*Exercise*.
Reproduce the listing below as it stands. Leave out each image.

*Material provided*.
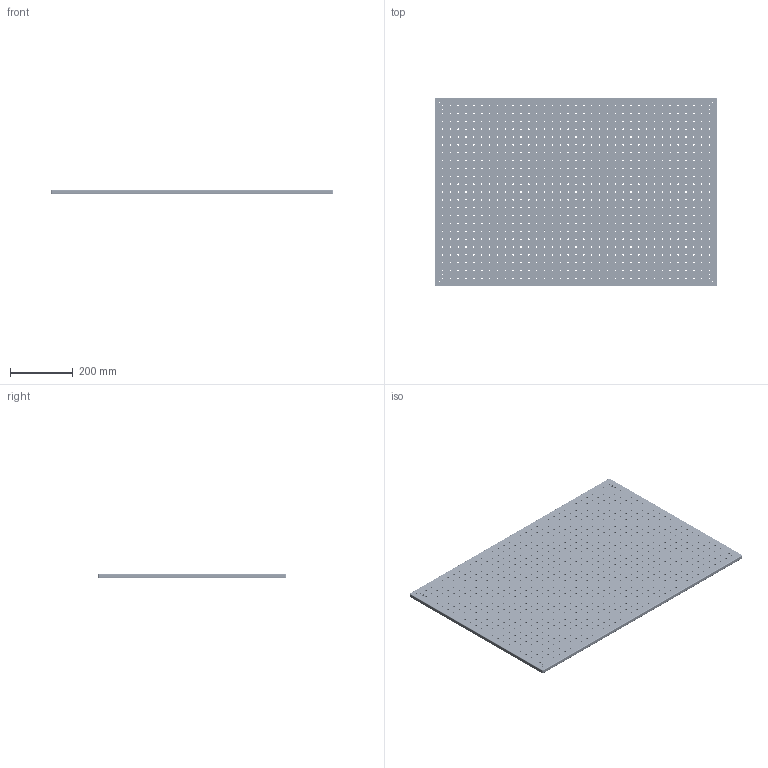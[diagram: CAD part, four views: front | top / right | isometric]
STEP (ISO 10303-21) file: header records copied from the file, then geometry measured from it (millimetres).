
FILE_DESCRIPTION (( 'STEP AP203' ), '1' );
FILE_NAME ('BR0609-1M.STEP', '2016-05-19T09:22:44', ( '' ), ( '' ), 'SwSTEP 2.0', 'SolidWorks 2016', '' );
FILE_SCHEMA (( 'CONFIG_CONTROL_DESIGN' ));
Length unit declared in the file: millimetre
Products named in the file (1): BR0609-1M
Bounding box: 900 x 600 x 13 mm (x, y, z)
Volume: 6807013.9 mm3; surface area: 1247820.2 mm2
Topology: 1 solids, 1 shells, 1664 faces, 4958 edges, 3300 vertices
Faces by surface type: cylinder 1646, plane 10, torus 8
Entity records: 61263 total; most frequent: DIRECTION 11588, CARTESIAN_POINT 9923, ORIENTED_EDGE 9916, AXIS2_PLACEMENT_3D 4965, EDGE_CURVE 4958, CIRCLE 3300, VERTEX_POINT 3300, EDGE_LOOP 3294
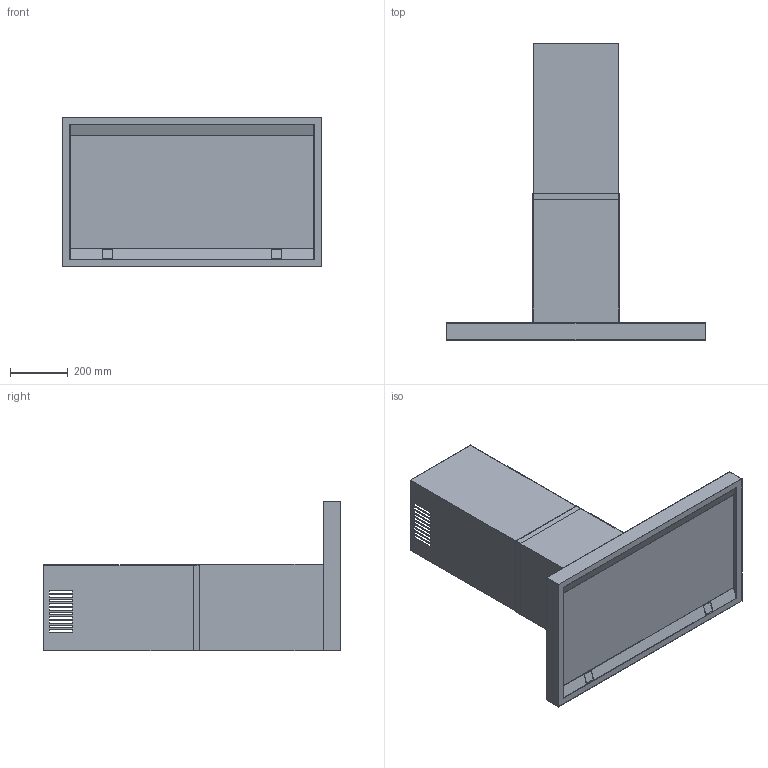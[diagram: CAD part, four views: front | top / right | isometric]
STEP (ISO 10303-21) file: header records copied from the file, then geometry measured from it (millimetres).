
FILE_DESCRIPTION((''),'2;1');
FILE_NAME('WM-LIN9S','2021-02-12T',('seona'),(''),'CREO PARAMETRIC BY PTC INC, 2016260','CREO PARAMETRIC BY PTC INC, 2016260','');
FILE_SCHEMA(('CONFIG_CONTROL_DESIGN'));
Length unit declared in the file: millimetre
Products named in the file (1): WM-LIN9S
Bounding box: 900 x 1030 x 520 mm (x, y, z)
Volume: 1989114 mm3; surface area: 3983167.9 mm2
Topology: 5 solids, 5 shells, 154 faces, 414 edges, 272 vertices
Faces by surface type: plane 150, bspline 4
Entity records: 4900 total; most frequent: CARTESIAN_POINT 932, ORIENTED_EDGE 828, DIRECTION 714, VECTOR 414, LINE 414, EDGE_CURVE 414, VERTEX_POINT 272, EDGE_LOOP 200
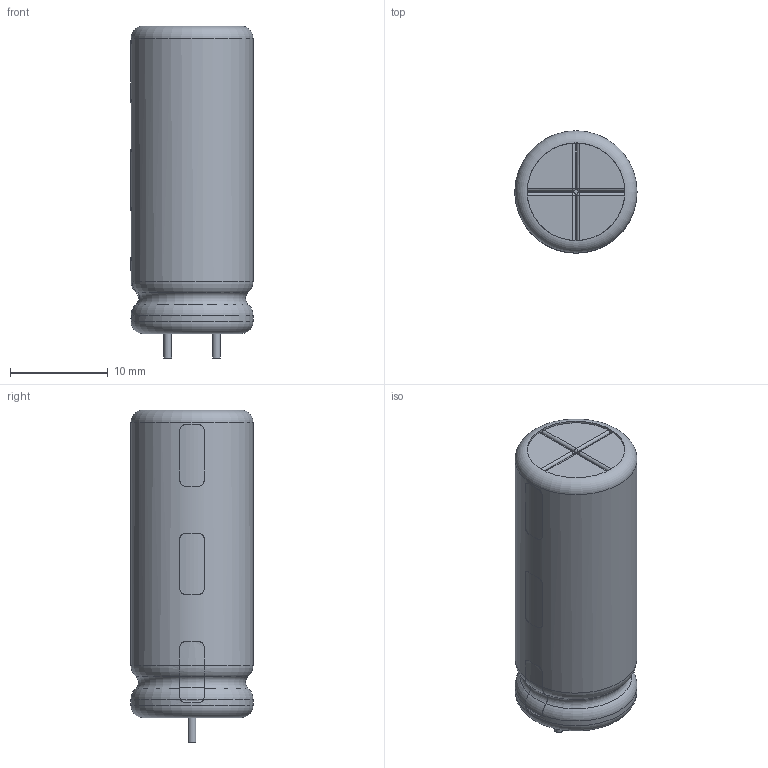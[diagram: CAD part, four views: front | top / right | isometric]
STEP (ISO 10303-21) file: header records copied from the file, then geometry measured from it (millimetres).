
FILE_DESCRIPTION(/* description */ (''),/* implementation_level */ '2;1');
FILE_NAME(/* name */ 'Cap TH D12.50mm H31.50mm L5.00mm.step',/* time_stamp */ '2020-05-30T02:59:50+02:00',/* author */ (''),/* organization */ (''),/* preprocessor_version */ 'ST-DEVELOPER v18.1',/* originating_system */ 'Autodesk Translation Framework v9.3.0.1241',/* authorisation */ '');
FILE_SCHEMA (('AUTOMOTIVE_DESIGN { 1 0 10303 214 3 1 1 }'));
Length unit declared in the file: millimetre
Products named in the file (1): Sample
Bounding box: 12.51 x 12.5 x 34 mm (x, y, z)
Volume: 3766.2 mm3; surface area: 1481.9 mm2
Topology: 1 solids, 1 shells, 76 faces, 200 edges, 128 vertices
Faces by surface type: cylinder 34, plane 28, torus 10, sphere 4
Full cylindrical faces by diameter (mm): 0.8 x2, 10 x2, 12.5 x2
Entity records: 2753 total; most frequent: CARTESIAN_POINT 817, ORIENTED_EDGE 400, DIRECTION 374, EDGE_CURVE 200, AXIS2_PLACEMENT_3D 145, VERTEX_POINT 128, LINE 84, VECTOR 84
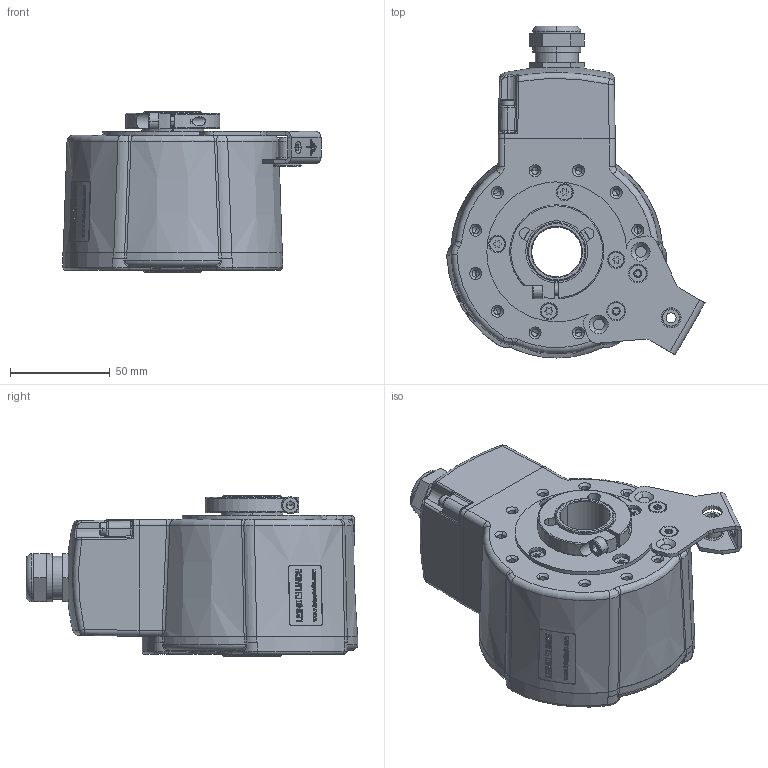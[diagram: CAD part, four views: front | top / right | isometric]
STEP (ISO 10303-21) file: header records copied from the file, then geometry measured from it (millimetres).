
FILE_DESCRIPTION((''),'2;1');
FILE_NAME('746159','2010-12-07T',('se2802'),(''),'PRO/ENGINEER BY PARAMETRIC TECHNOLOGY CORPORATION, 2010180','PRO/ENGINEER BY PARAMETRIC TECHNOLOGY CORPORATION, 2010180','');
FILE_SCHEMA(('CONFIG_CONTROL_DESIGN'));
Length unit declared in the file: millimetre
Products named in the file (1): 746159
Bounding box: 129.13 x 166 x 80.5 mm (x, y, z)
Volume: 320148 mm3; surface area: 129073.6 mm2
Topology: 9 solids, 12 shells, 1754 faces, 4625 edges, 2935 vertices
Faces by surface type: plane 591, cylinder 497, extrusion 326, cone 151, torus 91, bspline 77, sphere 20, revolution 1
Entity records: 62981 total; most frequent: CARTESIAN_POINT 21325, ORIENTED_EDGE 9206, DIRECTION 7714, EDGE_CURVE 4603, VERTEX_POINT 2935, AXIS2_PLACEMENT_3D 2817, VECTOR 2079, EDGE_LOOP 1936

*Written response*.
[diagram: CAD part, four views: front | top / right | isometric]
STEP (ISO 10303-21) file: header records copied from the file, then geometry measured from it (millimetres).
FILE_DESCRIPTION (( 'STEP AP203' ), '1' );
FILE_NAME ('BR0609-1M.STEP', '2016-05-19T09:22:44', ( '' ), ( '' ), 'SwSTEP 2.0', 'SolidWorks 2016', '' );
FILE_SCHEMA (( 'CONFIG_CONTROL_DESIGN' ));
Length unit declared in the file: millimetre
Products named in the file (1): BR0609-1M
Bounding box: 900 x 600 x 13 mm (x, y, z)
Volume: 6807013.9 mm3; surface area: 1247820.2 mm2
Topology: 1 solids, 1 shells, 1664 faces, 4958 edges, 3300 vertices
Faces by surface type: cylinder 1646, plane 10, torus 8
Entity records: 61263 total; most frequent: DIRECTION 11588, CARTESIAN_POINT 9923, ORIENTED_EDGE 9916, AXIS2_PLACEMENT_3D 4965, EDGE_CURVE 4958, CIRCLE 3300, VERTEX_POINT 3300, EDGE_LOOP 3294
[diagram: CAD part, four views: front | top / right | isometric]
STEP (ISO 10303-21) file: header records copied from the file, then geometry measured from it (millimetres).
FILE_DESCRIPTION((''),'2;1');
FILE_NAME('WM-LIN9S','2021-02-12T',('seona'),(''),'CREO PARAMETRIC BY PTC INC, 2016260','CREO PARAMETRIC BY PTC INC, 2016260','');
FILE_SCHEMA(('CONFIG_CONTROL_DESIGN'));
Length unit declared in the file: millimetre
Products named in the file (1): WM-LIN9S
Bounding box: 900 x 1030 x 520 mm (x, y, z)
Volume: 1989114 mm3; surface area: 3983167.9 mm2
Topology: 5 solids, 5 shells, 154 faces, 414 edges, 272 vertices
Faces by surface type: plane 150, bspline 4
Entity records: 4900 total; most frequent: CARTESIAN_POINT 932, ORIENTED_EDGE 828, DIRECTION 714, VECTOR 414, LINE 414, EDGE_CURVE 414, VERTEX_POINT 272, EDGE_LOOP 200
[diagram: CAD part, four views: front | top / right | isometric]
STEP (ISO 10303-21) file: header records copied from the file, then geometry measured from it (millimetres).
FILE_DESCRIPTION(/* description */ (''),/* implementation_level */ '2;1');
FILE_NAME(/* name */ 'Cap TH D12.50mm H31.50mm L5.00mm.step',/* time_stamp */ '2020-05-30T02:59:50+02:00',/* author */ (''),/* organization */ (''),/* preprocessor_version */ 'ST-DEVELOPER v18.1',/* originating_system */ 'Autodesk Translation Framework v9.3.0.1241',/* authorisation */ '');
FILE_SCHEMA (('AUTOMOTIVE_DESIGN { 1 0 10303 214 3 1 1 }'));
Length unit declared in the file: millimetre
Products named in the file (1): Sample
Bounding box: 12.51 x 12.5 x 34 mm (x, y, z)
Volume: 3766.2 mm3; surface area: 1481.9 mm2
Topology: 1 solids, 1 shells, 76 faces, 200 edges, 128 vertices
Faces by surface type: cylinder 34, plane 28, torus 10, sphere 4
Full cylindrical faces by diameter (mm): 0.8 x2, 10 x2, 12.5 x2
Entity records: 2753 total; most frequent: CARTESIAN_POINT 817, ORIENTED_EDGE 400, DIRECTION 374, EDGE_CURVE 200, AXIS2_PLACEMENT_3D 145, VERTEX_POINT 128, LINE 84, VECTOR 84
[diagram: CAD part, four views: front | top / right | isometric]
STEP (ISO 10303-21) file: header records copied from the file, then geometry measured from it (millimetres).
FILE_DESCRIPTION((''),'2;1');
FILE_NAME('746159','2010-12-07T',('se2802'),(''),'PRO/ENGINEER BY PARAMETRIC TECHNOLOGY CORPORATION, 2010180','PRO/ENGINEER BY PARAMETRIC TECHNOLOGY CORPORATION, 2010180','');
FILE_SCHEMA(('CONFIG_CONTROL_DESIGN'));
Length unit declared in the file: millimetre
Products named in the file (1): 746159
Bounding box: 129.13 x 166 x 80.5 mm (x, y, z)
Volume: 320148 mm3; surface area: 129073.6 mm2
Topology: 9 solids, 12 shells, 1754 faces, 4625 edges, 2935 vertices
Faces by surface type: plane 591, cylinder 497, extrusion 326, cone 151, torus 91, bspline 77, sphere 20, revolution 1
Entity records: 62981 total; most frequent: CARTESIAN_POINT 21325, ORIENTED_EDGE 9206, DIRECTION 7714, EDGE_CURVE 4603, VERTEX_POINT 2935, AXIS2_PLACEMENT_3D 2817, VECTOR 2079, EDGE_LOOP 1936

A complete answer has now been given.